Reading Lolita in Tehran Review

By | January 4, 2012

Reading Lolita in Tehran
By: Azar Nafisi

Paige’s Rating: (1) of 5
Recommended for: History- Non-Fiction Readers

Every Thursday morning for two years in the Islamic Republic of Iran, a bold and inspired teacher named Azar Nafisi secretly gathered seven of her most committed female students to read forbidden Western classics. As Islamic morality squads staged arbitrary raids in Tehran and fundamentalists seized hold of the universities, the girls in Azar Nafisi’s living room risked removing their veils and immersed themselves in the worlds of Jane Austen, F. Scott Fitzgerald, Henry James, and Vladimir Nabokov. 

I really love literature as well as culture, so when I saw this book just hanging out on the shelf of a friend, I slipped it into my bag only to later say, “By the way, I grabbed a book to read.” I was excited for this one, but it ended up being a big let-down.

Nafisi, who was a college literature professor, begins the book by attempting to give the reader an image of the young student women who came to her house to secretly study literature, and attempts to show the reader how these women held quite different in religious, political and even social views. However, I found that Nafisi’s imagery got lost in other tangents and so the students instead seemed indistinguishable to me.
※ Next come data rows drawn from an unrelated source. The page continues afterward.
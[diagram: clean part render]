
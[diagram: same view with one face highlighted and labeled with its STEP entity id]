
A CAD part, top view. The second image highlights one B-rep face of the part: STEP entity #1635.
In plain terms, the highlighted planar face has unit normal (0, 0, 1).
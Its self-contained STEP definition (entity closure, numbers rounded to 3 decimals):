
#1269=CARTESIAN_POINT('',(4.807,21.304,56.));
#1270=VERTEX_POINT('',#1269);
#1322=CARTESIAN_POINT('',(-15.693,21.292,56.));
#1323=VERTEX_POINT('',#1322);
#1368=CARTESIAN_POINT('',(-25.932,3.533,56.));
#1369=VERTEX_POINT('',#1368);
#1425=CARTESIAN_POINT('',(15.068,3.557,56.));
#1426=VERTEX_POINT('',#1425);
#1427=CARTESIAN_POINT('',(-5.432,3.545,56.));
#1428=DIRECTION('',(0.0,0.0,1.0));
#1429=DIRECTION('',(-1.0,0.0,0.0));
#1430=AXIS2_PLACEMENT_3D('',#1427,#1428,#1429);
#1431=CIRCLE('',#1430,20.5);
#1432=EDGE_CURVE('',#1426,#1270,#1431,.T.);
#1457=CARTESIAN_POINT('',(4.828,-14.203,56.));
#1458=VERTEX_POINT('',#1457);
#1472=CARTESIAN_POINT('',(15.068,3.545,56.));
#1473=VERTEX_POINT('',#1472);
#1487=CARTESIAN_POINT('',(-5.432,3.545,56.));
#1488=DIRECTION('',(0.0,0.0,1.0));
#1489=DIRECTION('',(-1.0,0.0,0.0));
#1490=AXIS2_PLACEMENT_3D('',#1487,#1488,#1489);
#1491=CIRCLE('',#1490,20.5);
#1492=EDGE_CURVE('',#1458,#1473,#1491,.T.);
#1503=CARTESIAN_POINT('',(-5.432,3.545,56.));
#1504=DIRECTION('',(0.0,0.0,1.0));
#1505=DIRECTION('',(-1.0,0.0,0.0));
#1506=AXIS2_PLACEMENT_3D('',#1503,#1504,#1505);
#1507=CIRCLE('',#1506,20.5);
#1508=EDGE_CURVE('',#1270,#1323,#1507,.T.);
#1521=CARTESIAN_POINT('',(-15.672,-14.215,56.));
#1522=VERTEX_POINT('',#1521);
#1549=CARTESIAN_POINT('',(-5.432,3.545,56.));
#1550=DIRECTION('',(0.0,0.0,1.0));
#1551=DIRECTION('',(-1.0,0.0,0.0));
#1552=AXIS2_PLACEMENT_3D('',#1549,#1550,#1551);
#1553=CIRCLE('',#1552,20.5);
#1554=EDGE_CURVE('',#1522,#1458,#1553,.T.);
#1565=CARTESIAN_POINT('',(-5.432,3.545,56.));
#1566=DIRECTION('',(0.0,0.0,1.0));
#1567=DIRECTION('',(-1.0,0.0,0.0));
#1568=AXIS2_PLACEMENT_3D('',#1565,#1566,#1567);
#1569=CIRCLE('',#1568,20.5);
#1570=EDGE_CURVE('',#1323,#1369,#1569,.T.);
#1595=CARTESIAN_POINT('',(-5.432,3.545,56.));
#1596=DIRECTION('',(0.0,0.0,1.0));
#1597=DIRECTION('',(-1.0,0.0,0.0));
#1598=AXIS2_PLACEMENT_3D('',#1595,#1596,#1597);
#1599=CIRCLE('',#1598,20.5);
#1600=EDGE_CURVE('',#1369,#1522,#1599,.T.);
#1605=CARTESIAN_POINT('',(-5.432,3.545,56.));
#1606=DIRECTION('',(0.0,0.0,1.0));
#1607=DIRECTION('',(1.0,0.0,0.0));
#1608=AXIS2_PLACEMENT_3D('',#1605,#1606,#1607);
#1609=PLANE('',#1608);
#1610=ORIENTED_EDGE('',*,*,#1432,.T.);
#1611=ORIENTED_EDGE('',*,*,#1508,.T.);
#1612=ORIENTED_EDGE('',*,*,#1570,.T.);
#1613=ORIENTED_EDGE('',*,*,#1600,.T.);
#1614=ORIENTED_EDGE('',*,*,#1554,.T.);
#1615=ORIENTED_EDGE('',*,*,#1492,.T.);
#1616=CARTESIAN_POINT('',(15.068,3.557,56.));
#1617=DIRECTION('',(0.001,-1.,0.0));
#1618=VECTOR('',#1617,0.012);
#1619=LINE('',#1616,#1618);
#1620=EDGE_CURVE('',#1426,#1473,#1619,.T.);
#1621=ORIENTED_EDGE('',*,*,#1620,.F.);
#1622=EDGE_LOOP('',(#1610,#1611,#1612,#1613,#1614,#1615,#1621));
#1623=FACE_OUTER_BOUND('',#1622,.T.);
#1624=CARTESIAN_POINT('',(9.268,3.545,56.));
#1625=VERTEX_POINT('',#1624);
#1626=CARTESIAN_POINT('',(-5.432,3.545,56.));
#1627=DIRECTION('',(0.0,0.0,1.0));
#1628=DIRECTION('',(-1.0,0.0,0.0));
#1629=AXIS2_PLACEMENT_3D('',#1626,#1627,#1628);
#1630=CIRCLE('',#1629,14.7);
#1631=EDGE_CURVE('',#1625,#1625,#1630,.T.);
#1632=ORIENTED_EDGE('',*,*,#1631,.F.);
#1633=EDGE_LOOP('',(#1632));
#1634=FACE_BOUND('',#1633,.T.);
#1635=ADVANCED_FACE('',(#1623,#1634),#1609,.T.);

But the reason I really wanted to read the book was because I wanted a glimpse into Iran during and after the revolution. Yet even these events are very disjointed as Nafisi jumped from the present regime to flashback into the past and even sometimes flashes forward into a different time in her flashbacks. In what could have been a wonderful opportunity to highlight the Iranian Revolution and the effects it had on university life, instead became a jumbled time line of protest events, problematic students, bombings and reading in her living room.

At least the author gives us a plot that is interesting to read about, even if we are a bit lost and uninterested, right? No, not so much. I found myself asking what the plot was exactly. While Nafisi does share some stories of her students, the book essentially has two plots: one in which she clearly boasts about her knowledge of Western Literature, and one in which she laments about the difficulties arising from living in Iran with such a modern mind. Both these underlying, and yet perhaps they are the main, plots fail the reader. Nafisi talks about the books studied in her classes and expects the reader to have a working academic knowledge of them as well. Some of her analysis of the literature seems to be too deep and complex for the purpose it is serving in the novel, which is… well I think it was supposed to be to show a connection between Western Literature and Iranian life. And so with the Western Literature being taught to the readers, some refuge for the reader might be taken in the comparison to Iranian life. But the author again doesn’t describe this well and when she does, Nafisi is continual writing of herself and the hardships she faces with teaching narrow-minded students and the problems of being an independent woman in a male-dominated society. Her tone is one that is so whiney and egocentric, that I really wanted to give up on reading the book.

This book. The characters are basically faceless Iranian women who have stories to share but none of those stories are as important as the incessant crying of the author’s inability to save her faceless students mentally and physically from an oppressive regime. Instead, the author focuses on drawing out our pity for her situation and yet our awe in her ability to know so much about a single piece of literature. All of this is written in time that jumps forward and backward. Reading Lolita in Tehran is probably about as painful as actually reading Lolita in Tehran. My advice is skip it, really.